┌─ Information given
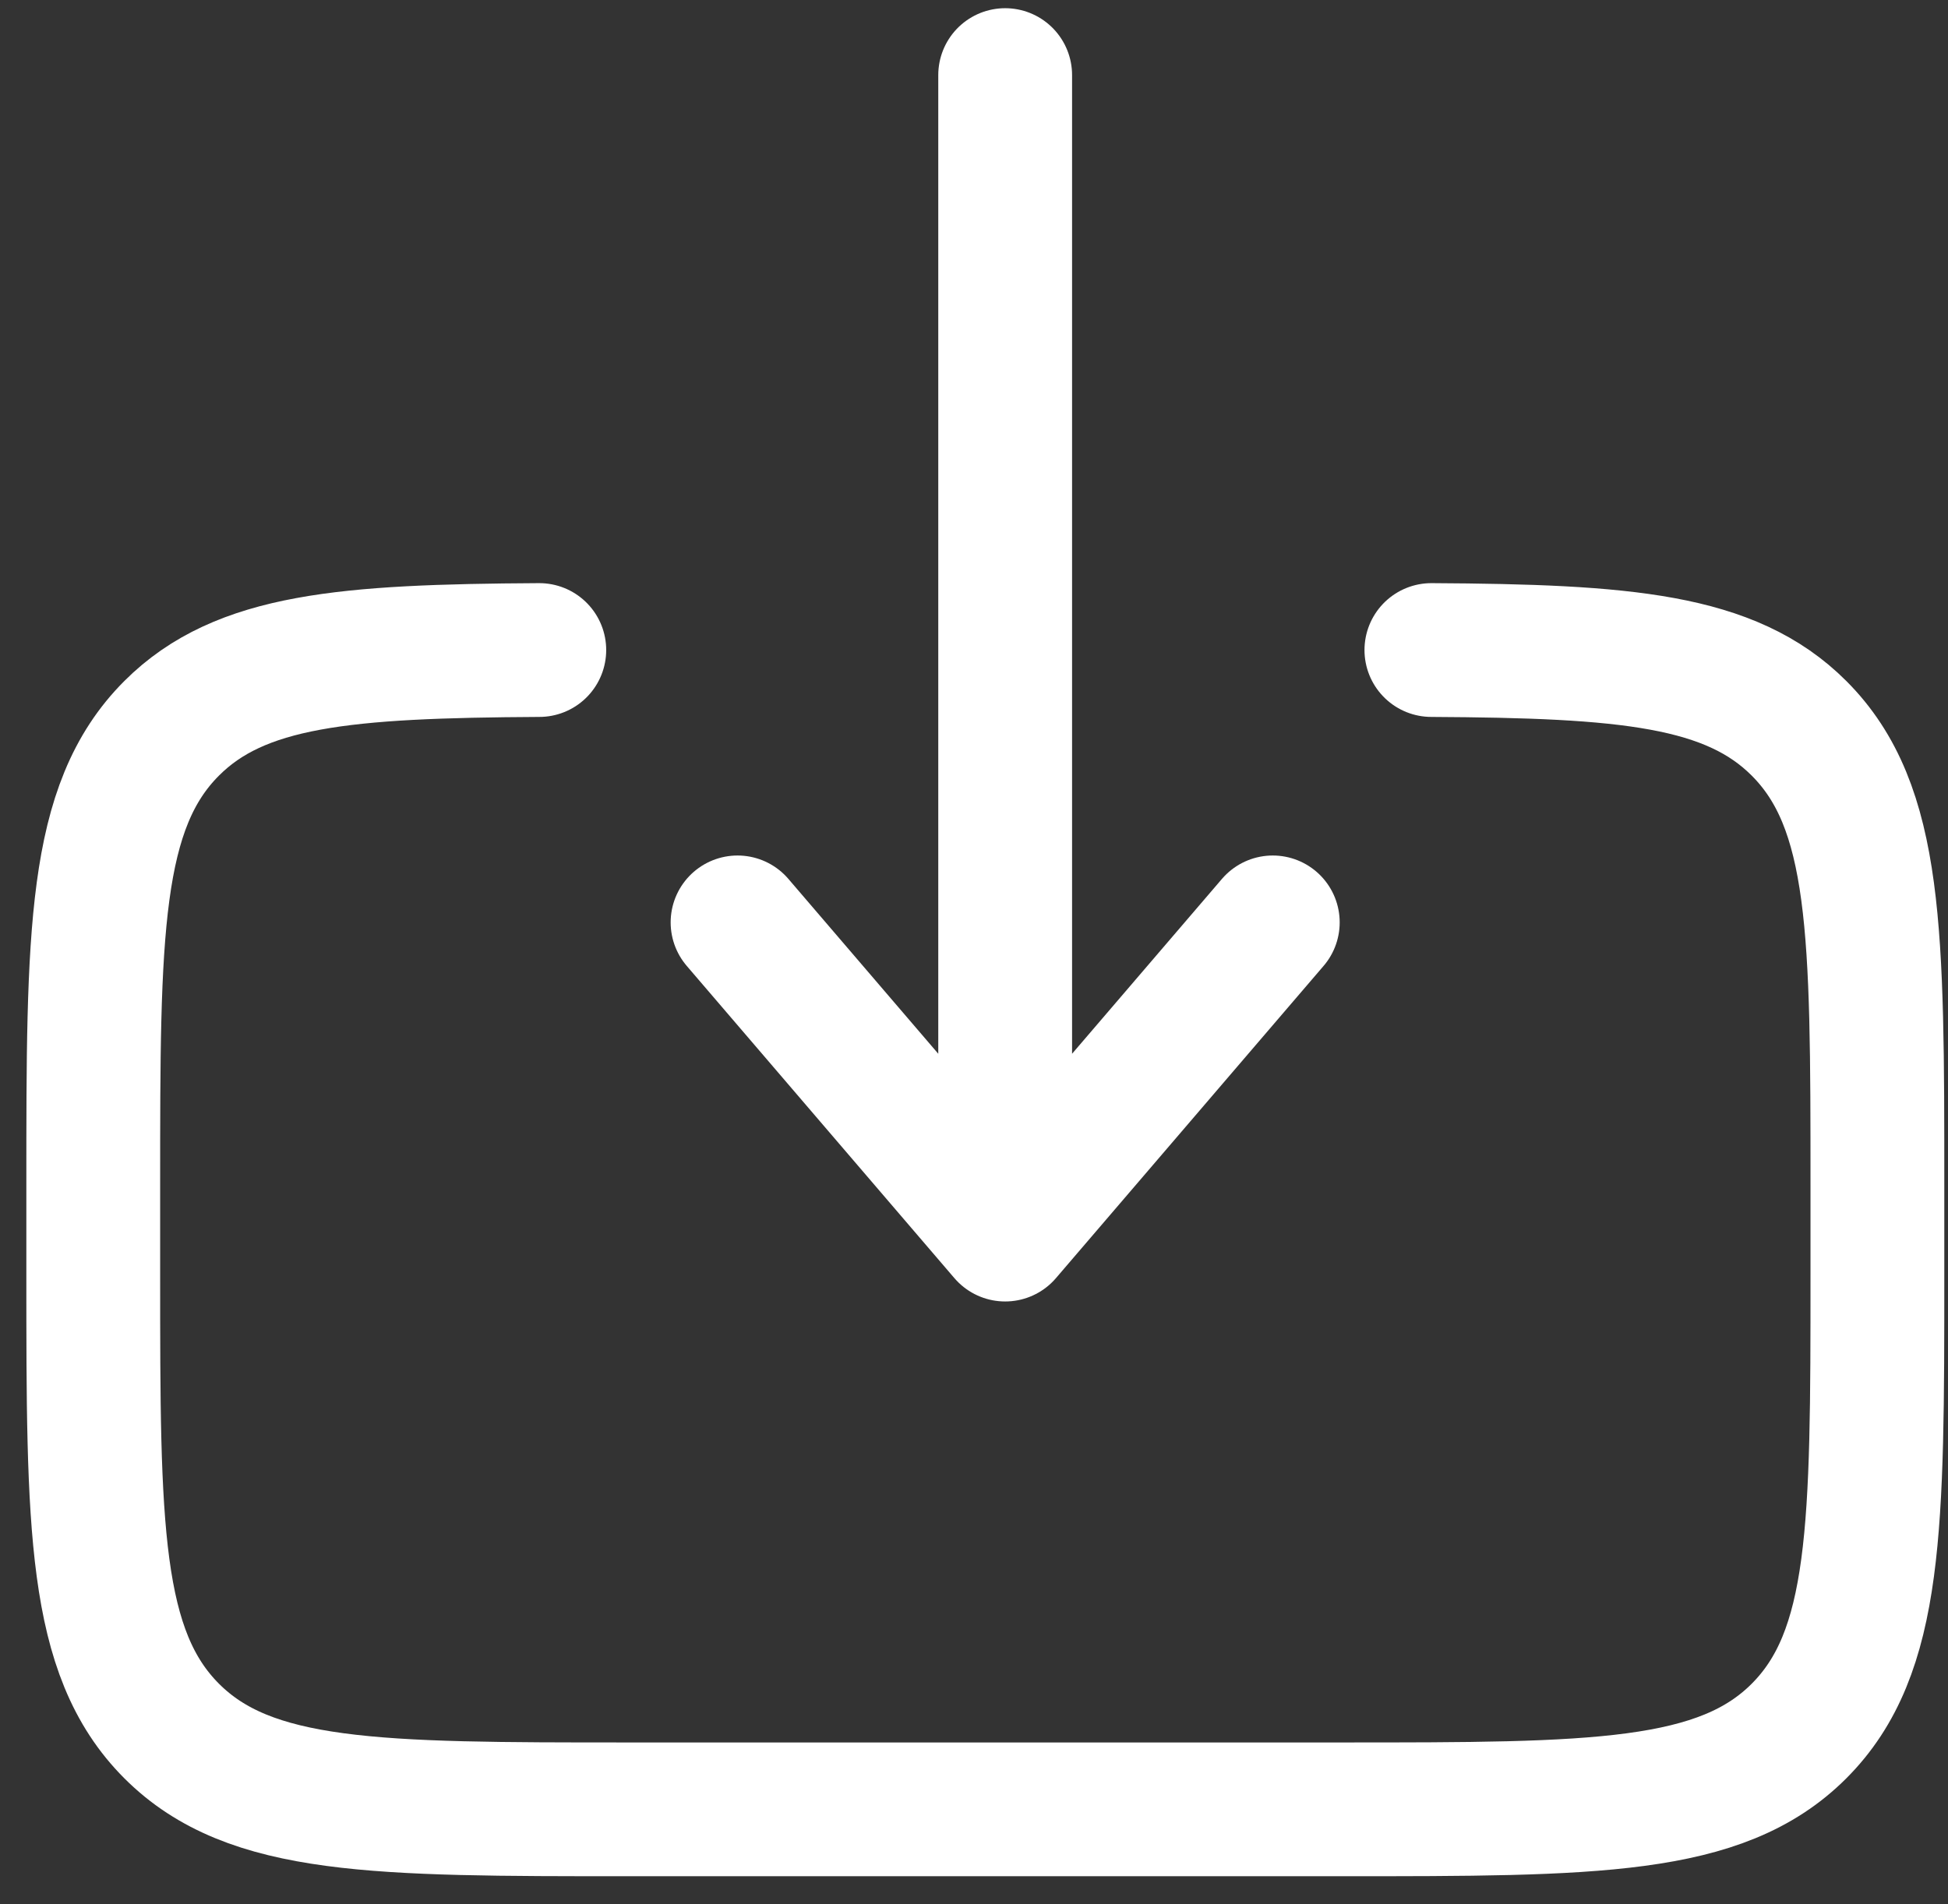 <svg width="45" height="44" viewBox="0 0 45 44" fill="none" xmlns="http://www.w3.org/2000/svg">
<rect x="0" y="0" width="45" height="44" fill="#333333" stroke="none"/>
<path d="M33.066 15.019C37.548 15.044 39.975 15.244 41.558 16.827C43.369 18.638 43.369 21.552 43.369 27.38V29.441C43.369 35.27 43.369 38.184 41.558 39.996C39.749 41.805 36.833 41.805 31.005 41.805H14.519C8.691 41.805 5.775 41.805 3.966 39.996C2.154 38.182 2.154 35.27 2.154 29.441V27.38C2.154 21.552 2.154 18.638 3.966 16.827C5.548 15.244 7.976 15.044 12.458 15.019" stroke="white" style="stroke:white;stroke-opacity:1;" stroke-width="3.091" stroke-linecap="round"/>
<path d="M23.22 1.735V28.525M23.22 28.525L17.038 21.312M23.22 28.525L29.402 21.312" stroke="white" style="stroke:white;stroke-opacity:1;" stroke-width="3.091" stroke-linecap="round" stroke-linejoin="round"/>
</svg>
└─
### Task details
Every line of the data should be copied as it stands, without the images.

### Task solution
 <svg width="45" height="44" viewBox="0 0 45 44" fill="none" xmlns="http://www.w3.org/2000/svg">
<rect x="0" y="0" width="45" height="44" fill="#333333" stroke="none"/>
<path d="M33.066 15.019C37.548 15.044 39.975 15.244 41.558 16.827C43.369 18.638 43.369 21.552 43.369 27.38V29.441C43.369 35.27 43.369 38.184 41.558 39.996C39.749 41.805 36.833 41.805 31.005 41.805H14.519C8.691 41.805 5.775 41.805 3.966 39.996C2.154 38.182 2.154 35.27 2.154 29.441V27.38C2.154 21.552 2.154 18.638 3.966 16.827C5.548 15.244 7.976 15.044 12.458 15.019" stroke="white" style="stroke:white;stroke-opacity:1;" stroke-width="3.091" stroke-linecap="round"/>
<path d="M23.22 1.735V28.525M23.22 28.525L17.038 21.312M23.22 28.525L29.402 21.312" stroke="white" style="stroke:white;stroke-opacity:1;" stroke-width="3.091" stroke-linecap="round" stroke-linejoin="round"/>
</svg>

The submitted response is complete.